*Your goal:*
What you return must match the records exactly, line for line.

*Records to process:*
§ §

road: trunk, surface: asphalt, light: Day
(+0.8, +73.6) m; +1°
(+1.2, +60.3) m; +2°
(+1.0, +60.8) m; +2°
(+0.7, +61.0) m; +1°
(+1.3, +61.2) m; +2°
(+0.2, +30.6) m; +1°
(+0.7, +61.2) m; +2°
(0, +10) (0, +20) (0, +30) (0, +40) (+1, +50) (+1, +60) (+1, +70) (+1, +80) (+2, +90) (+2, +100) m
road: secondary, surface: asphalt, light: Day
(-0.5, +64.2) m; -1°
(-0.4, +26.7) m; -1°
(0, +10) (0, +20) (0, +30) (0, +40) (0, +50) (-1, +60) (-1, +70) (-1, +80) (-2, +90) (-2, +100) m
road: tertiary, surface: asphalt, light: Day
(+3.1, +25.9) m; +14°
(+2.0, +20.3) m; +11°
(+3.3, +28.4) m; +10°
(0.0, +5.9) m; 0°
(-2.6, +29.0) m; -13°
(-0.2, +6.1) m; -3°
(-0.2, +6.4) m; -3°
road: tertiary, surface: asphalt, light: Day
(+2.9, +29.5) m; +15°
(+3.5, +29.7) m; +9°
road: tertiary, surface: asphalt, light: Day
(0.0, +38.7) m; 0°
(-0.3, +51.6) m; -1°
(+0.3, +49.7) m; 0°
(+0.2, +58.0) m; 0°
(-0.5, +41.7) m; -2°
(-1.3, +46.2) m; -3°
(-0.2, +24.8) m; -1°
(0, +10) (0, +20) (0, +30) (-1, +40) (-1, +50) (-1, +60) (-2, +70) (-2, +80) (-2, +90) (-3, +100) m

§ §

*Answer to this exercise:*
road: trunk, surface: asphalt, light: Day
(+0.8, +73.6) m; +1°
(+1.2, +60.3) m; +2°
(+1.0, +60.8) m; +2°
(+0.7, +61.0) m; +1°
(+1.3, +61.2) m; +2°
(+0.2, +30.6) m; +1°
(+0.7, +61.2) m; +2°
(0, +10) (0, +20) (0, +30) (0, +40) (+1, +50) (+1, +60) (+1, +70) (+1, +80) (+2, +90) (+2, +100) m
road: secondary, surface: asphalt, light: Day
(-0.5, +64.2) m; -1°
(-0.4, +26.7) m; -1°
(0, +10) (0, +20) (0, +30) (0, +40) (0, +50) (-1, +60) (-1, +70) (-1, +80) (-2, +90) (-2, +100) m
road: tertiary, surface: asphalt, light: Day
(+3.1, +25.9) m; +14°
(+2.0, +20.3) m; +11°
(+3.3, +28.4) m; +10°
(0.0, +5.9) m; 0°
(-2.6, +29.0) m; -13°
(-0.2, +6.1) m; -3°
(-0.2, +6.4) m; -3°
road: tertiary, surface: asphalt, light: Day
(+2.9, +29.5) m; +15°
(+3.5, +29.7) m; +9°
road: tertiary, surface: asphalt, light: Day
(0.0, +38.7) m; 0°
(-0.3, +51.6) m; -1°
(+0.3, +49.7) m; 0°
(+0.2, +58.0) m; 0°
(-0.5, +41.7) m; -2°
(-1.3, +46.2) m; -3°
(-0.2, +24.8) m; -1°
(0, +10) (0, +20) (0, +30) (-1, +40) (-1, +50) (-1, +60) (-2, +70) (-2, +80) (-2, +90) (-3, +100) m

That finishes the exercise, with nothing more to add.